> **Problem to work on**
Please copy each line below that contains the word "somando".

*** Records for this exercise Section Begins ***

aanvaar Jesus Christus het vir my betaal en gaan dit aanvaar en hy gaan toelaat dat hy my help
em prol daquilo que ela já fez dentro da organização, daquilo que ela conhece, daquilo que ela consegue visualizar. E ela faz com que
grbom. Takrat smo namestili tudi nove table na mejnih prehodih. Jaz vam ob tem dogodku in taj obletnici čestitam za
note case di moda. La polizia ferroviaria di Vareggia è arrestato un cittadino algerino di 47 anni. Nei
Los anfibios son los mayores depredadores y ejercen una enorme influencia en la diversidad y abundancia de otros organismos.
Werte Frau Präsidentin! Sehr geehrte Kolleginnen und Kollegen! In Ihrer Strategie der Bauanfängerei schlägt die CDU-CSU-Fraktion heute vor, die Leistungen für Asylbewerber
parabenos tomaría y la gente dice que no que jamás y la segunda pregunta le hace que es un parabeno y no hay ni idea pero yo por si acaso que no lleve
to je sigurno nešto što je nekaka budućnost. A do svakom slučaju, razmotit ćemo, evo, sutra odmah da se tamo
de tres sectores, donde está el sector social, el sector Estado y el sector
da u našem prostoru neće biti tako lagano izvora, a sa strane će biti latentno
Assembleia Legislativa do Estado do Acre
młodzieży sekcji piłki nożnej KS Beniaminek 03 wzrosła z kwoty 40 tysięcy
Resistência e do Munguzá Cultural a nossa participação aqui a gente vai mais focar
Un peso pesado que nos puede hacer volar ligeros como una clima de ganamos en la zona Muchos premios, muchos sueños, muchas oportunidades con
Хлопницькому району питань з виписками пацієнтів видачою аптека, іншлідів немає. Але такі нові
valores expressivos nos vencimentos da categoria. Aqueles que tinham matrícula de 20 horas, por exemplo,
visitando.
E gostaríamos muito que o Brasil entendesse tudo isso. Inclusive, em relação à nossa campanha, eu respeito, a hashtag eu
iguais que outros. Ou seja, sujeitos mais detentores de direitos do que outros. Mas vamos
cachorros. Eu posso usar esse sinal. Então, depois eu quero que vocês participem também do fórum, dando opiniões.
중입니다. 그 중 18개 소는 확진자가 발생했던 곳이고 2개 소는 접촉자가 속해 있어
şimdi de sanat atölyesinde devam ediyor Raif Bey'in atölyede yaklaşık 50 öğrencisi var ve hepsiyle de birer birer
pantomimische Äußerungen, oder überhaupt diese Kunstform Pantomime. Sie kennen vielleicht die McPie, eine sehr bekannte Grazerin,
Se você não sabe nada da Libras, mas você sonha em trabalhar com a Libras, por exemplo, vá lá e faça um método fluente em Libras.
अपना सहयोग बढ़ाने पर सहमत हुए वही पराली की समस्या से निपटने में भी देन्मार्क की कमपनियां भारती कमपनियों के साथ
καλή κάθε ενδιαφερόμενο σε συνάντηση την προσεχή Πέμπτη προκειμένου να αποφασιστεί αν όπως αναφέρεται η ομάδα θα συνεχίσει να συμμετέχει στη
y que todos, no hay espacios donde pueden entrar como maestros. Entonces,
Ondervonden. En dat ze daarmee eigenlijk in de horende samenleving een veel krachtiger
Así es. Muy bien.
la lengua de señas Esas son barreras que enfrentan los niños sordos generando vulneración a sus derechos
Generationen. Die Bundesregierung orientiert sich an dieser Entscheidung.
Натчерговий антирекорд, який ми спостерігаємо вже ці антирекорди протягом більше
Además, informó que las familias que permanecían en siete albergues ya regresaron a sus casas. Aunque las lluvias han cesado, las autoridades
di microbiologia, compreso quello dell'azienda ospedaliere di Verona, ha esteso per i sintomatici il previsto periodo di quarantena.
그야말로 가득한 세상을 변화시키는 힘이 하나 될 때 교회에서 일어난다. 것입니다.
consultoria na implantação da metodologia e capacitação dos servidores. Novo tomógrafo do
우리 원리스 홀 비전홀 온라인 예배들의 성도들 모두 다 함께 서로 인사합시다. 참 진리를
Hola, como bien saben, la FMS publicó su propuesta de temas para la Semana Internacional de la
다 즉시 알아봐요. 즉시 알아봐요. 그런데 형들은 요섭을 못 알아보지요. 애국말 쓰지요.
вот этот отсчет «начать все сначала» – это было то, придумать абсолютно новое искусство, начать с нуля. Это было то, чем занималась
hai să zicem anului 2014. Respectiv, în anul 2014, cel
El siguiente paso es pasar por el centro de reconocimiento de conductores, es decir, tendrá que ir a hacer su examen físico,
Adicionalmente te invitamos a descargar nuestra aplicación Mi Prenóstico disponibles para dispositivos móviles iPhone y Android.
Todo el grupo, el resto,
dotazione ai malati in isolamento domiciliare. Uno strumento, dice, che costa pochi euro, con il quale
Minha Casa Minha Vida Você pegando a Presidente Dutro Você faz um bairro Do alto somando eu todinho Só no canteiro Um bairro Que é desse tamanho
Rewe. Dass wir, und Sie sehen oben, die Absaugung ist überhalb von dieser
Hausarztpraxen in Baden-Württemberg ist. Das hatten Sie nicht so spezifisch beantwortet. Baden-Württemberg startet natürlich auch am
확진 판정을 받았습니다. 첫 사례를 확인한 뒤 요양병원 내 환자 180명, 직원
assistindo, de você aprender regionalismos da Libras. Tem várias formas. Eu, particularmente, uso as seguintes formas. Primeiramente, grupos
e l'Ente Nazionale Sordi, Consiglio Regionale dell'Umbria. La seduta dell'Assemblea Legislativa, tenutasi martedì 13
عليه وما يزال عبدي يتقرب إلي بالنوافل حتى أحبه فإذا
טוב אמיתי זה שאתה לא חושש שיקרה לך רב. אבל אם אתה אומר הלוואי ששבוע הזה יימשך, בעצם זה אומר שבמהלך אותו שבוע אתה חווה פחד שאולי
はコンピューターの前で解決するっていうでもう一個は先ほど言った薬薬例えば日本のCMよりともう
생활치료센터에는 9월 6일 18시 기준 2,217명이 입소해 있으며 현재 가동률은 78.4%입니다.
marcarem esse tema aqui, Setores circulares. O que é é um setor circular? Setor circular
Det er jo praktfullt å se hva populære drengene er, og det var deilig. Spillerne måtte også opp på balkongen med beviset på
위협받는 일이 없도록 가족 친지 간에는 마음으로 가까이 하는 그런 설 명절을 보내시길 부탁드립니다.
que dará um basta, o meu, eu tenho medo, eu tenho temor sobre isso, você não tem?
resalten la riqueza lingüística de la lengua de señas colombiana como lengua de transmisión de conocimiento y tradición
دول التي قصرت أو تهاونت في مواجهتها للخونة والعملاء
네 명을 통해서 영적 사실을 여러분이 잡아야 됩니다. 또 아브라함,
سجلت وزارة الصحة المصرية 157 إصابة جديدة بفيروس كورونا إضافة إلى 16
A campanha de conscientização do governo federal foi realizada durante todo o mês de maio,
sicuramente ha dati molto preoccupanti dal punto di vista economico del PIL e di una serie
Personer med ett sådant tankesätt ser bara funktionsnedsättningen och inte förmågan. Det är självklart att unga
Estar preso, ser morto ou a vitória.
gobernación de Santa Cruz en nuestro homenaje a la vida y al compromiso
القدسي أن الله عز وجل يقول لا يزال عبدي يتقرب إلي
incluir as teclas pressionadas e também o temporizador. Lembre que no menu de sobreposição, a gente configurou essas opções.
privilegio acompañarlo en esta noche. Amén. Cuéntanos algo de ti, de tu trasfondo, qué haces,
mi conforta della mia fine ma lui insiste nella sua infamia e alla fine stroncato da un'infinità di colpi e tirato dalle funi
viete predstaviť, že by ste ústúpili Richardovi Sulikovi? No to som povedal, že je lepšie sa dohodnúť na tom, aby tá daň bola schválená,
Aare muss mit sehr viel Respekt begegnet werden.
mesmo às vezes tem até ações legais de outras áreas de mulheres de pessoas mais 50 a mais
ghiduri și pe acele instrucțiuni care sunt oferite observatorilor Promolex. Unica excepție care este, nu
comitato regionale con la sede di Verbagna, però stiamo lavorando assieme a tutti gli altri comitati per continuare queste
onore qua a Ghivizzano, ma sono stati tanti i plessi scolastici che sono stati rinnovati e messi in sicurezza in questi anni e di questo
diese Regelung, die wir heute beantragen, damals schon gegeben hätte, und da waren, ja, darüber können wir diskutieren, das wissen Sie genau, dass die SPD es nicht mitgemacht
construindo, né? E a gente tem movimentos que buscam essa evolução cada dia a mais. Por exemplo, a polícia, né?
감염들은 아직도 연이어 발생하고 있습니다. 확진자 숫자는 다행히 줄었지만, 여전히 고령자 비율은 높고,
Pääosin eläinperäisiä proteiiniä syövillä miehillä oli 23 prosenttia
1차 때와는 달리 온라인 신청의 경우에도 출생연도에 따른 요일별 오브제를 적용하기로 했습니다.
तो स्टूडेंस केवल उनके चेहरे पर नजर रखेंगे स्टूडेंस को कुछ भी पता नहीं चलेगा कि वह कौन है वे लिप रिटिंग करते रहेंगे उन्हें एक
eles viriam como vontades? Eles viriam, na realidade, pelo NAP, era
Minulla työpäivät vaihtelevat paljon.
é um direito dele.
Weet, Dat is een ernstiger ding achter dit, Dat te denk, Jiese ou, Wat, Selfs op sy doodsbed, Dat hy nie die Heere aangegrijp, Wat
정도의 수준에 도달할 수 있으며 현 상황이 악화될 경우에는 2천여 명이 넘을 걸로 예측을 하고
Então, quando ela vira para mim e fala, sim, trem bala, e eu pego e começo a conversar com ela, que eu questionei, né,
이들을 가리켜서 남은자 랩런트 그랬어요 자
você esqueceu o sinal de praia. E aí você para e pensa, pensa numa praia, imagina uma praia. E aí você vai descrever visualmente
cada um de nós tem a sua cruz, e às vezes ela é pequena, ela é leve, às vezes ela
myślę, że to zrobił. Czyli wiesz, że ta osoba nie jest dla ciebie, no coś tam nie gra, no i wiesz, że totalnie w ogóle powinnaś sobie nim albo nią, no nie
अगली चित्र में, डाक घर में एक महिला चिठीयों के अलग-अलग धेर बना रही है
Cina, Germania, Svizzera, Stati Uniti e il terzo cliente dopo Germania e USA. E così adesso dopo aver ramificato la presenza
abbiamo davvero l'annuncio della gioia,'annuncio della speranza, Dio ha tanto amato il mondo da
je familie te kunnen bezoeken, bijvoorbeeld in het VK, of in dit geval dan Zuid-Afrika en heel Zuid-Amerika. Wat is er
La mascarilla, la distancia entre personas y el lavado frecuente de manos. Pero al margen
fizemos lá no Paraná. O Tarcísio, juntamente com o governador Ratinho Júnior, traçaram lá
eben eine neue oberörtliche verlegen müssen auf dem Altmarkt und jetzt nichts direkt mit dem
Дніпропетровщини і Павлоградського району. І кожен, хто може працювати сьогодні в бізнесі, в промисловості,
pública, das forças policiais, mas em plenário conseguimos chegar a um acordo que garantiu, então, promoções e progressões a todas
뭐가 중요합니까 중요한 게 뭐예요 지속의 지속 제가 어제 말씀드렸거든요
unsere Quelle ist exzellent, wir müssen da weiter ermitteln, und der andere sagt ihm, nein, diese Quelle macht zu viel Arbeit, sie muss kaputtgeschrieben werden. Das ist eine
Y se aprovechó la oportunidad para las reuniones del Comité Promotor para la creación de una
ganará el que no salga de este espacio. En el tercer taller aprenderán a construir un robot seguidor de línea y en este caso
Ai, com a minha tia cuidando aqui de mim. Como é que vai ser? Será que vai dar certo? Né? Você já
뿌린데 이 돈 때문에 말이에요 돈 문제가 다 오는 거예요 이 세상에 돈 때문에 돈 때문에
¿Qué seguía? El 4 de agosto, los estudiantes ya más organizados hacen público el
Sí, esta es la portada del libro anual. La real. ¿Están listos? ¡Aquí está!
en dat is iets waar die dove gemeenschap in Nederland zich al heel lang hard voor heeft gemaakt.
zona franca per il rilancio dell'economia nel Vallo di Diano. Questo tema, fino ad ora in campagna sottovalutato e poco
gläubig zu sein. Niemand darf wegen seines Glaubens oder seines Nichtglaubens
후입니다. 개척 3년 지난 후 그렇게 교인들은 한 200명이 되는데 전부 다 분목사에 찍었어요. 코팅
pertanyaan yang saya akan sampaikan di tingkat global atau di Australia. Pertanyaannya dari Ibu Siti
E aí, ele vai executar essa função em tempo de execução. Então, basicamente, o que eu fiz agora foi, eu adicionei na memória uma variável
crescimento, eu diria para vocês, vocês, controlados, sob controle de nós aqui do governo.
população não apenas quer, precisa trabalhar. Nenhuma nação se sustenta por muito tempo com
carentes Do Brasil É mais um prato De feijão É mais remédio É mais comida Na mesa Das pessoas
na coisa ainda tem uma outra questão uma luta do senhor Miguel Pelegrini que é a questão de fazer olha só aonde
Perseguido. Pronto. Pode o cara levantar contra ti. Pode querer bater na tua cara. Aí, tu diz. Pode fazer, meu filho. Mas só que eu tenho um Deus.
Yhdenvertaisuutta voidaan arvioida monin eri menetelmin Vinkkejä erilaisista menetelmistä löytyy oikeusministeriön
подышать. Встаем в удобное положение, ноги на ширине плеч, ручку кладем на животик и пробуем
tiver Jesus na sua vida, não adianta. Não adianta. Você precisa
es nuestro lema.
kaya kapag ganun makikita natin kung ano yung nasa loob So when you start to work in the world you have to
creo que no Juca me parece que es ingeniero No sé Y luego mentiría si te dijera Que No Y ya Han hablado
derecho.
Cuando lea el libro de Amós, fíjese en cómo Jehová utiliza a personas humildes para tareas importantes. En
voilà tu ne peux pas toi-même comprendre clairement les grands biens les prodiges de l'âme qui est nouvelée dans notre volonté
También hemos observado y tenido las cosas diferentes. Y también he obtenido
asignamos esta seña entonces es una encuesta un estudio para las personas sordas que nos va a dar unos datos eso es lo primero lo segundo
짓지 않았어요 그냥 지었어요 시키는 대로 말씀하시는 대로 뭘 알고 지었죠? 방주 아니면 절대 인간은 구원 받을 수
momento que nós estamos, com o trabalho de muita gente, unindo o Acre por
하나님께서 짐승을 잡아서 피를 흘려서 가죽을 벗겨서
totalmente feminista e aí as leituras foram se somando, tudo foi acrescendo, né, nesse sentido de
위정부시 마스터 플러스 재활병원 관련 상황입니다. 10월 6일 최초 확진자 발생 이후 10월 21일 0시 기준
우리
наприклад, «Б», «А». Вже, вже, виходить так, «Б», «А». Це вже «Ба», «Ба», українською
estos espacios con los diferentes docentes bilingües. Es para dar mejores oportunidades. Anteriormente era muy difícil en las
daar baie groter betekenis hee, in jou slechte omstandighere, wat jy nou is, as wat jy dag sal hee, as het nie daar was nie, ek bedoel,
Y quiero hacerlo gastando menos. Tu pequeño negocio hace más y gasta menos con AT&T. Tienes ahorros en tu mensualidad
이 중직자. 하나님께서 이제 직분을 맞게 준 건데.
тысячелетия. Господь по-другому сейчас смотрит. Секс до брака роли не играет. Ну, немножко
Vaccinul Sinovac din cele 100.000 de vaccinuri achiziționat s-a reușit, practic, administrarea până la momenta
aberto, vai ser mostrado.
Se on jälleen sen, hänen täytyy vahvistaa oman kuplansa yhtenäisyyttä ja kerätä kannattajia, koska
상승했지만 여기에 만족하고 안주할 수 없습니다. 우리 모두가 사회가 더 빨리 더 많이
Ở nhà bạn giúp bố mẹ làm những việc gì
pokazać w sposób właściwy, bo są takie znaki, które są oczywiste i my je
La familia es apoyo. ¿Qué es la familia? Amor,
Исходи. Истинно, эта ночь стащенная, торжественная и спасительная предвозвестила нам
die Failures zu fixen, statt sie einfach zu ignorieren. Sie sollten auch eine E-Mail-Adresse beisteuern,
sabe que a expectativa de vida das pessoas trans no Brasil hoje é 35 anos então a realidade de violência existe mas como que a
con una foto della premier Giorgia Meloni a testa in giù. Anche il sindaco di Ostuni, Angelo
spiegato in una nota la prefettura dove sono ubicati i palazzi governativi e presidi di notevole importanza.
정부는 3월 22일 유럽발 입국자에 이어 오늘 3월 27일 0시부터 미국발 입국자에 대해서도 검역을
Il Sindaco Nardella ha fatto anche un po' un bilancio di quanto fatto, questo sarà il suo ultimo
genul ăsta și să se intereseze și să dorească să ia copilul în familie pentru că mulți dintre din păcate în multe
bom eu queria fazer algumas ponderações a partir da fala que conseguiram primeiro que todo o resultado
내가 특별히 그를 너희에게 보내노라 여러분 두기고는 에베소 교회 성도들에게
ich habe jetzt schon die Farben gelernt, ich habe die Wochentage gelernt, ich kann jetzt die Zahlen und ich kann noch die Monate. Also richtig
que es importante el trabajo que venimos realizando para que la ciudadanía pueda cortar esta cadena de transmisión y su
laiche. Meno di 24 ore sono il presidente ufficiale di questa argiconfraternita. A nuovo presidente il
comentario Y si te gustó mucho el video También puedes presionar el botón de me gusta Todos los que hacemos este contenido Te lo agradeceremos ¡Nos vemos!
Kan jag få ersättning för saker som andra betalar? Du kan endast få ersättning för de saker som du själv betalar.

*** Records for this exercise Section Ends ***

> **Solution for this exercise**
Minha Casa Minha Vida Você pegando a Presidente Dutro Você faz um bairro Do alto somando eu todinho Só no canteiro Um bairro Que é desse tamanho
totalmente feminista e aí as leituras foram se somando, tudo foi acrescendo, né, nesse sentido de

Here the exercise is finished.